Did you actually find these LIKELY macros to make a measurable improvement? It's unclear from your ChangeLog description.
Comment 6 Chris Evans 2012-10-30 15:14:23 PDT
@ojan: for gcc at least, the branch structure isn't changed by the new LIKELY()s. Since Eric has identified this function as very performance hot, though, I thought there's no harm in being explicit about it.
Comment 7 Ojan Vafai 2012-10-30 15:16:53 PDT
(In reply to comment #6)
> @ojan: for gcc at least, the branch structure isn't changed by the new LIKELY()s. Since Eric has identified this function as very performance hot, though, I thought there's no harm in being explicit about it.

As a rule, we (i.e. WebKit) only put LIKELY/UNLIKELY in cases where we've seen measurable improvement. In practice, it almost never matters.
Comment 8 Chris Evans 2012-10-30 15:17:44 PDT
Ok, I'll remove them.
Comment 9 Eric Seidel 2012-10-30 15:19:24 PDT
To test, I might do something like this:

git stash (save your patch)
Tools/Scripts/build-webkit --chromium (or however you do a build for your checkout)
Tools/Scripts/run-perf-tests Parser/tiny-innerHTML.html (since that's one of the ones which showed MaskPtr as hot)
git stash apply
Tools/Scripts/run-perf-tests Parser/tiny-innerHTML.html

update the bug/ChangeLog with your results.  I would expect you will see a small progression, or no change at all.

There are many other tests in PerformanceTests you could run.  You can look at my comment on bug 97494 for other tests which showed MaskPtr as hot.

The profiles in bug 97494 came from an experimental --profile flag which I'm adding to run-perf-tests as part of bug 99517.  If you want you can apply the patch from there, but given that it's only ever been tested on my machine, it's highly likely it won't work for you out of the box (Also requires apt-get install google-perftools or prodaccess to the shared pprof binary).

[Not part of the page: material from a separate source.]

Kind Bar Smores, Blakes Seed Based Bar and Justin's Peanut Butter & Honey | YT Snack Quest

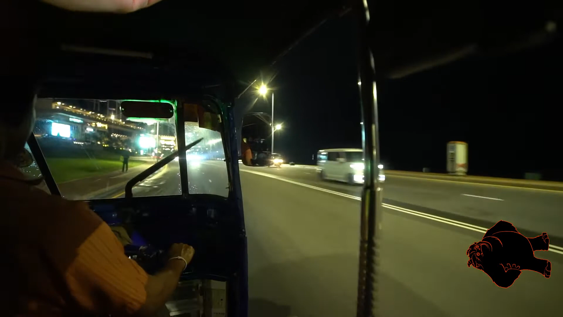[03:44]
I mean, I should get his attention, but he might have a gun. Wait. This isn't America. He won't have a gun. He probably has a knife, so I should still avoid that.
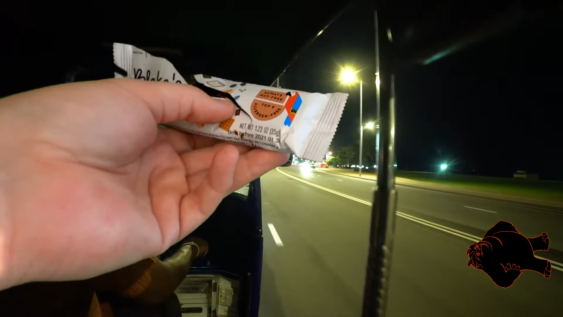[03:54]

In any case, just run a couple run-perf-tests tests, and comment about the change or lack there of.  Just showing that you did some minor perf testing, is all I really care about.  The bots will catch if we did anything horribly wrong. :)
Comment 10 Eric Seidel 2012-10-30 15:20:19 PDT
Your instinct to fix the assembler is good, but I think we generally lean on the profile/benchmark data first (which is I think what Ojan is trying to say)
Comment 11 Eric Seidel 2012-10-30 15:20:51 PDT
I forgot to list a second build step in my steps I gave you above, but I'm sure you'll figure it out. :)
Comment 12 Chris Evans 2012-10-30 16:16:48 PDT
Created attachment 171543 [details]
Comment 13 Eric Seidel 2012-10-30 16:18:04 PDT
Comment on attachment 171543 [details]

Thanks.  This sort of ChangeLog information is really useful!
Comment 14 Chris Evans 2012-10-30 16:41:30 PDT
Well, Eric and I are vaguely embarrassed because we now think that MaskPtr in the profiles in fact refers to tcmalloc's MaskPtr in the anonymous namespace. If this were the RenderArena MaskPtr, we'd expect to have seen WebCore::MaskPtr.

Still, if MaskPtr is hot in tcmalloc, there's probably another benchmark we've fixed that would have been hot in RenderArena.
Comment 15 WebKit Review Bot 2012-10-30 18:10:32 PDT
Comment on attachment 171543 [details]

Clearing flags on attachment: 171543

Committed r132970: <http://trac.webkit.org/changeset/132970>
Comment 16 WebKit Review Bot 2012-10-30 18:10:36 PDT
All reviewed patches have been landed.  Closing bug.